La evolución de la jurisprudencia del T. Supremo en materia de vicios del consentimiento ha sido importante en cuanto se ha tendido a proteger a los consumidores en defensa de conductas que suponen un abuso de posición dominante en el mercado, exigiéndose un mayor rigor en cuanto a la obligación de informar a aquellos de las consecuencias derivadas de la firma de contratos normalmente elaborados por la empresa contratante, quien en su información no explica debidamente las consecuencias de los riesgos asumidos ni analiza las circunstancias del cliente a efectos de ofrecer sus productos. Tal como se indicó en la sentencia de la AP de Palma de Mallorca Secc. 5ª de 21-3-2011 'el derecho a la información en el sistema bancario y la tutela de la transparencia bancaria es básica para el funcionamiento del mercado de servicios bancarios y su finalidad tanto es lograr la eficiencia del sistema bancario como tutelar los sujetos que intervienen en él (el cliente bancario), principalmente, a través tanto de la información precontractual, en la fase previa a la conclusión del contrato, como en la fase contractual, mediante la documentación exigible. Examinada la normativa del mercado de valores sorprende positivamente la protección dispensada al cliente dada la complejidad de ese mercado y el propósito decidido de que se desarrolle con transparencia pero sorprende, sobre todo, el prolijo desarrollo normativo sobre el trato debido de dispensar al cliente, con especial incidencia en la fase precontractual ....... Esta especial atención por parte del legislador, estableciendo códigos y normas de conducta y actuación tienden a proteger, no únicamente al cliente consumidor, sino al cliente en general, en un empeño de dotar de claridad y transparencia a las operaciones que se realizan con las entidades financieras, y a cuyo sector concurren los consumidores, de forma masiva, tanto para la celebración de contrato mas simples, como la apertura de una cuenta, como a los mas complejos, como los productos de inversión con lo que se pretende rentabilizar los ahorros, saliendo al paso de ese modo de la cultura del 'donde hay que firmar' que se había instalado en este ámbito.

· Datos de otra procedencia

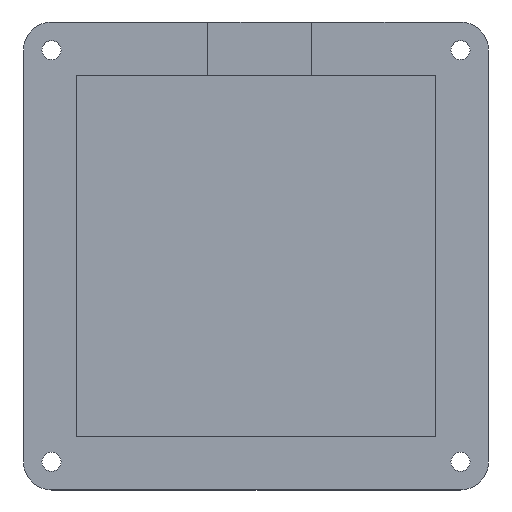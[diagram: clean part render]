
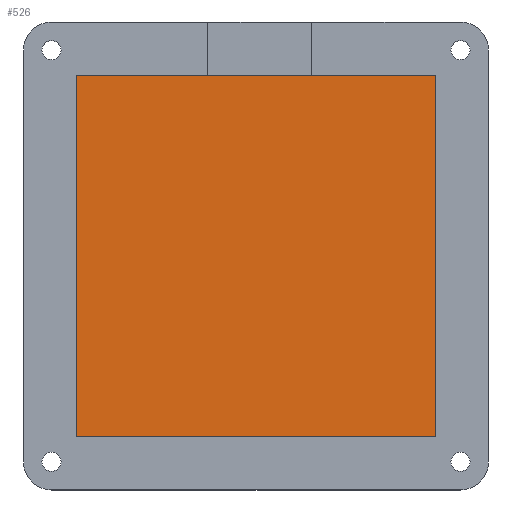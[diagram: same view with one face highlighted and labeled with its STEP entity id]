
A CAD part, top view. The second image highlights one B-rep face of the part: STEP entity #526.
In plain terms, the highlighted planar face has unit normal (0, 0, 1).
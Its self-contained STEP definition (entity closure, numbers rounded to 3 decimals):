
#36=PLANE('',#582);
#58=FACE_OUTER_BOUND('',#92,.T.);
#92=EDGE_LOOP('',(#433,#434,#435,#436));
#150=LINE('',#862,#198);
#152=LINE('',#866,#200);
#153=LINE('',#868,#201);
#154=LINE('',#869,#202);
#198=VECTOR('',#696,10.);
#200=VECTOR('',#700,10.);
#201=VECTOR('',#701,10.);
#202=VECTOR('',#702,10.);
#269=VERTEX_POINT('',#859);
#270=VERTEX_POINT('',#861);
#271=VERTEX_POINT('',#865);
#272=VERTEX_POINT('',#867);
#330=EDGE_CURVE('',#269,#270,#150,.T.);
#332=EDGE_CURVE('',#271,#269,#152,.T.);
#333=EDGE_CURVE('',#272,#271,#153,.T.);
#334=EDGE_CURVE('',#270,#272,#154,.T.);
#433=ORIENTED_EDGE('',*,*,#332,.F.);
#434=ORIENTED_EDGE('',*,*,#333,.F.);
#435=ORIENTED_EDGE('',*,*,#334,.F.);
#436=ORIENTED_EDGE('',*,*,#330,.F.);
#526=ADVANCED_FACE('',(#58),#36,.T.);
#582=AXIS2_PLACEMENT_3D('',#864,#698,#699);
#696=DIRECTION('',(1.,0.,0.));
#698=DIRECTION('center_axis',(0.,0.,1.));
#699=DIRECTION('ref_axis',(1.,0.,0.));
#700=DIRECTION('',(0.,1.,0.));
#701=DIRECTION('',(-1.,0.,0.));
#702=DIRECTION('',(0.,-1.,0.));
#859=CARTESIAN_POINT('',(0.,64.4,3.));
#861=CARTESIAN_POINT('',(63.9,64.4,3.));
#862=CARTESIAN_POINT('',(15.975,64.4,3.));
#864=CARTESIAN_POINT('Origin',(31.95,32.2,3.));
#865=CARTESIAN_POINT('',(0.,0.,3.));
#866=CARTESIAN_POINT('',(0.,16.1,3.));
#867=CARTESIAN_POINT('',(63.9,0.,3.));
#868=CARTESIAN_POINT('',(47.925,0.,3.));
#869=CARTESIAN_POINT('',(63.9,48.3,3.));
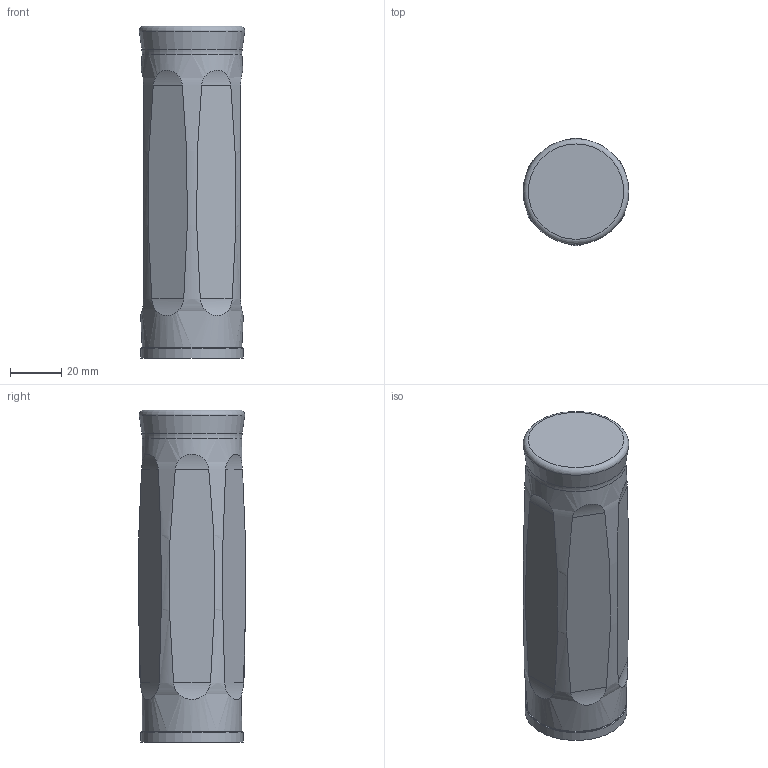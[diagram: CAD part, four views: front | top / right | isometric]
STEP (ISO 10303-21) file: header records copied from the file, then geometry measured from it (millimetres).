
FILE_DESCRIPTION(/* description */ ('AC2F'),/* implementation_level */ '2;1');
FILE_NAME(/* name */ '7317765',/* time_stamp */ '2018-10-17T08:18:04+02:00',/* author */ ('Zorzan Davide'),/* organization */ ('Gamm Srl.'),/* preprocessor_version */ 'ST-DEVELOPER v16.7',/* originating_system */ 'DEX',/* authorisation */ $);
FILE_SCHEMA (('CONFIG_CONTROL_DESIGN'));
Length unit declared in the file: millimetre
Products named in the file (1): 7317765
Bounding box: 41.36 x 41.91 x 130 mm (x, y, z)
Volume: 53789.6 mm3; surface area: 31978.5 mm2
Topology: 1 solids, 1 shells, 29 faces, 60 edges, 40 vertices
Faces by surface type: cylinder 14, plane 10, torus 4, cone 1
Full cylindrical faces by diameter (mm): 33 x1, 40 x1
Entity records: 838 total; most frequent: CARTESIAN_POINT 296, ORIENTED_EDGE 92, DIRECTION 92, EDGE_CURVE 46, EDGE_LOOP 44, FACE_BOUND 44, AXIS2_PLACEMENT_3D 40, VERTEX_POINT 34
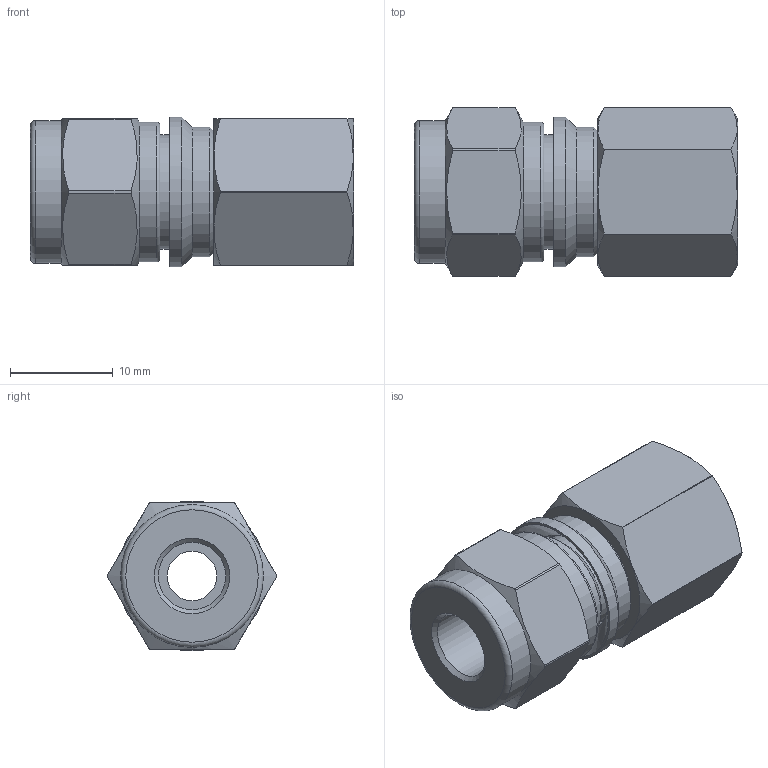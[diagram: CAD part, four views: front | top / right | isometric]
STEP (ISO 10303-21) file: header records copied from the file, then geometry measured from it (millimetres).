
FILE_DESCRIPTION(/* description */ (''),/* implementation_level */ '2;1');
FILE_NAME(/* name */ 'SFCI-4-2N.stp',/* time_stamp */ '2022-04-28T13:37:51+09:00',/* author */ ('user'),/* organization */ (''),/* preprocessor_version */ 'ST-DEVELOPER v18.1',/* originating_system */ 'Autodesk Inventor 2022',/* authorisation */ '');
FILE_SCHEMA (('AUTOMOTIVE_DESIGN { 1 0 10303 214 3 1 1 }'));
Length unit declared in the file: millimetre
Products named in the file (1): SFC-4-2N
Bounding box: 31.44 x 16.49 x 14.6 mm (x, y, z)
Volume: 3750.2 mm3; surface area: 2942.9 mm2
Topology: 1 solids, 1 shells, 56 faces, 133 edges, 84 vertices
Faces by surface type: cylinder 22, plane 19, cone 13, torus 2
Full cylindrical faces by diameter (mm): 4.826 x1, 6.55 x1, 8.913 x1, 9.4 x1, 10.1 x1, 11.113 x1, 12.6 x1, 13.6 x1, 13.9 x1, 14.6 x1
Entity records: 1648 total; most frequent: CARTESIAN_POINT 322, DIRECTION 285, ORIENTED_EDGE 266, EDGE_CURVE 133, AXIS2_PLACEMENT_3D 119, VERTEX_POINT 84, EDGE_LOOP 63, CIRCLE 62

En cuanto al 'onus probandi' en esta materia, la sentencia citada de 21-3-2011, señala que 'Se ha de tener igualmente en cuenta, y de partida, que en relación con el 'onus probandi' del correcto asesoramiento e información en el mercado de productos financieros, que la carga probatoria acerca de tal extremo debe pesar sobre el profesional financiero, respecto del cuál la diligencia exigible no es la genérica de un buen padre de familia, sino la específica de un ordenado empresario y representante leal en defensa de sus clientes, lo cual es lógico por cuanto desde la perspectiva de éstos últimos (los clientes) se trataría de probar un hecho negativo como es la ausencia de dicha información .
La sentencia de la AP de Valencia de 30-10-2008 alude a que la 'especial complejidad del sector financiero -terminología, casuismo, constante innovación de las fórmulas jurídicas, transferencia de riesgos a los clientes adquirentes...- dotan al mismo de peculiaridades propias y distintas respecto de otros sectores, que conllevan la necesidad de dotar al consumidor de la adecuada protección tanto en la fase precontractual -mediante mecanismos de garantía de transparencia de mercado y de adecuada información al consumidor (pues sólo un consumidor bien informado puede elegir el producto que mejor conviene a sus necesidades y efectuar una correcta contratación)- como en la fase contractual -mediante la normativa sobre cláusulas abusivas y condiciones generales, a fin de que la relación guarde un adecuado equilibrio de prestaciones- como finalmente, en la fase postcontractual, cuando se arbitran los mecanismos de reclamación. La Ley de Mercado de Valores y el Código General de Conducta de los Mercados de Valores, en lo relativo a la información a suministrar al cliente, considera que las entidades deben ofrecer y suministrar a sus clientes toda la información relevante para la adopción por ellos de las decisiones de inversión, dedicando el tiempo y la atención adecuada para encontrar los productos y servicios más apropiados a sus objetivos. Con arreglo a tal normativa, la información debe ser clara, correcta, precisa, suficiente y haciendo expreso hincapié en los riesgos que cada operación conlleva, muy especialmente en los productos financieros de alto riesgo a fin de que el cliente conozca los riesgos.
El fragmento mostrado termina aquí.